Kc-Align can be run in three different modes, depending on your input data.

In "genome" mode, the "reference" and "reads" input parameters are all full genome FASTA files. This mode also requires the 1-based start and end position numbers corresponding to the gene you are interested in aligning from the reference input.

If both the "reference" and "reads" inputs are already in-frame genes, the "gene" mode should be used. This mode does not require start and end position parameters as the reference is already in-frame.

For the case when your "reference" is an in-frame gene while the "reads" are whole genomes, the "mixed" mode can be used. Like gene mode, this mode does not require the start and end point position parameters.

USAGE:

kc-align --mode genome --reference [reference FASTA] --reads [reads FASTA] --start [start] --end [end]

Ex: kc-align --mode genome --reference ref.fasta --reads reads.fasta --start 3512 --end 7831

kc-align --mode gene --reference [reference FASTA] --reads [reads FASTA]
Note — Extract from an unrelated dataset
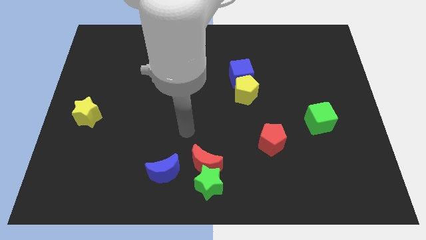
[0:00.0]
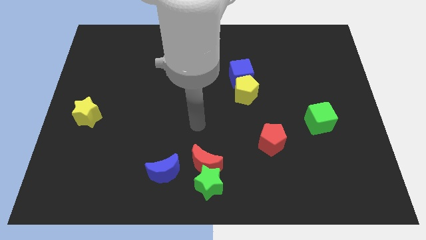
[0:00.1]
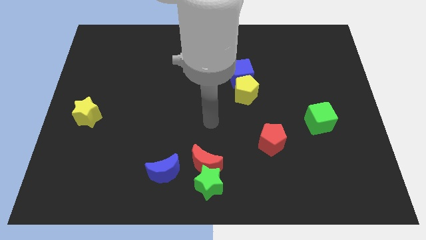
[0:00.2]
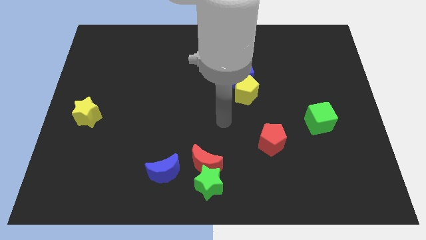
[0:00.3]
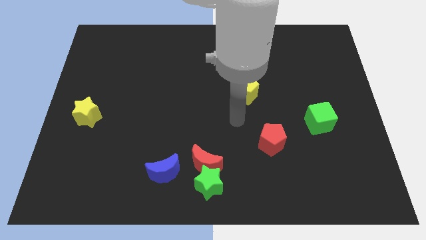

Ex: kc-align --mode gene --reference ref.fasta --reads reads.fasta

kc-align --mode mixed --reference [reference FASTA] --reads [reads FASTA]

Ex: kc-align --mode mixed --reference ref.fasta --reads reads.fasta

For genes that are split into two parts and later joined together:

kc-align --mode genome --reference [reference FASTA] --reads [reads FASTA] --start [start1,start2] --end [end1,end2]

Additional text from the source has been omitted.